Why Quantum Computing Could Challenge Today’s Internet Security?

Modern internet security is built on a long-held assumption: certain mathematical problems are so complex that solving them would take an impractically long time. Encryption systems such as RSA depend on this principle, relying on the difficulty of factoring extremely large numbers—something classical computers would take longer than the age of the universe to accomplish. This limitation has long safeguarded online banking, private communications and digital identities.

However, the emergence of quantum computing is beginning to challenge that foundation.

A Different Way of Computing

Unlike classical computers that process information using bits—either 0 or 1—quantum computers operate with qubits. These can exist in multiple states simultaneously through a phenomenon known as superposition. Another key feature, entanglement, allows qubits to be interconnected in ways that enable quantum systems to solve certain problems far more efficiently than traditional machines.

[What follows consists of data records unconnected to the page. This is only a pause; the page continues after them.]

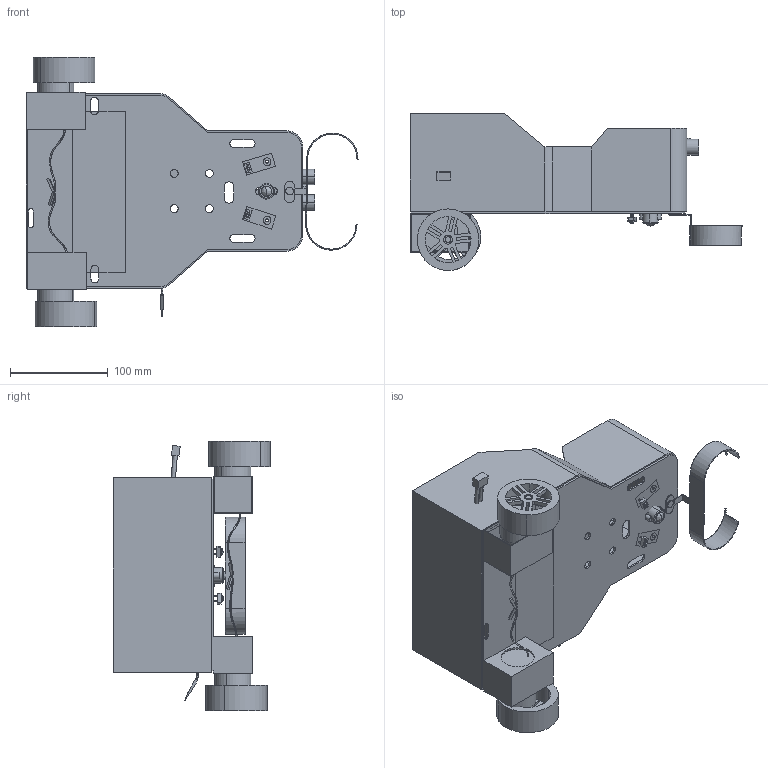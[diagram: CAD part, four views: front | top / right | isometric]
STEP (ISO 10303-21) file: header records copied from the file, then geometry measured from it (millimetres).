
FILE_DESCRIPTION (( 'STEP AP203' ), '1' );
FILE_NAME ('FinalDesign.STEP', '2022-04-25T11:21:57', ( '' ), ( '' ), 'SwSTEP 2.0', 'SolidWorks 2021', '' );
FILE_SCHEMA (( 'CONFIG_CONTROL_DESIGN' ));
Length unit declared in the file: millimetre
Products named in the file (13): FinalDesign; infrared-sensor.step; front-wheel.stp; motor.step; dragger; arduino-UNO.step; ultrasonic-sensor.step; wheel-basic.step; bodyf1; breadboard.step; motorcontroler.step; lipo-battery.stp; screw1
Assembly tree (15 placements, depth 2):
  FinalDesign
    bodyf1
    dragger
    screw1
    wheel-basic.step  x2
    motor.step  x2
    front-wheel.stp
    ultrasonic-sensor.step
    infrared-sensor.step  x2
    breadboard.step
    arduino-UNO.step
    motorcontroler.step
    lipo-battery.stp
Bounding box: 339.47 x 160.63 x 275.6 mm (x, y, z)
Volume: 743230.8 mm3; surface area: 435210.4 mm2
Topology: 16 solids, 16 shells, 1469 faces, 3669 edges, 2380 vertices
Faces by surface type: plane 1206, cylinder 231, bspline 22, torus 10
Entity records: 39877 total; most frequent: CARTESIAN_POINT 8684, ORIENTED_EDGE 6152, DIRECTION 5840, EDGE_CURVE 3076, LINE 2548, VECTOR 2548, VERTEX_POINT 1998, AXIS2_PLACEMENT_3D 1646

A Direct Threat to Encryption

This shift becomes particularly significant in the context of encryption. One of the most discussed quantum algorithms, Shor’s Algorithm, has the potential to factor large numbers exponentially faster than classical methods. If realised at scale, it could render current encryption systems vulnerable.

RSA encryption, which underpins much of today’s internet security—from secure websites to financial transactions—could, in theory, be broken by a sufficiently powerful quantum computer running this algorithm.

Technology Still in Early Stages

Despite the concerns, experts caution that the threat is not immediate. Current quantum computers remain limited by instability, noise and the absence of effective error correction. Most existing systems operate with a relatively small number of qubits, and maintaining their coherence long enough to perform complex calculations remains a major technical hurdle.

Breaking modern encryption would require fault-tolerant quantum machines with thousands, if not millions, of stable qubits—technology that is still under development.

Growing Concern: ‘Harvest Now, Decrypt Later’

Even so, cybersecurity experts warn of a long-term risk known as “harvest now, decrypt later”. In this scenario, encrypted data intercepted today could be stored and decrypted in the future, once quantum computing capabilities advance.

This poses particular risks for sensitive information that must remain secure for decades, including government communications, financial records and personal data.

Preparing for a Post-Quantum Era

In response, researchers and organisations worldwide are developing quantum-resistant encryption methods, commonly referred to as post-quantum cryptography. These systems are designed to withstand attacks from both classical and quantum computers.

Efforts led by institutions such as the National Institute of Standards and Technology are already underway to standardise new cryptographic algorithms for future use.

A Complex Transition Ahead

Transitioning to quantum-safe systems, however, will not be straightforward. Updating global digital infrastructure requires coordination across governments, industries and technology providers. Many existing systems were not designed with quantum threats in mind, making adaptation both urgent and technically demanding.

A Matter of Time

While quantum computing is still evolving, its potential impact on cybersecurity is reshaping global planning. Experts say the question is no longer whether current encryption could be broken, but when.

As research progresses, the foundations of digital security are being re-examined—signalling a shift that could redefine how the internet is protected in the years to come.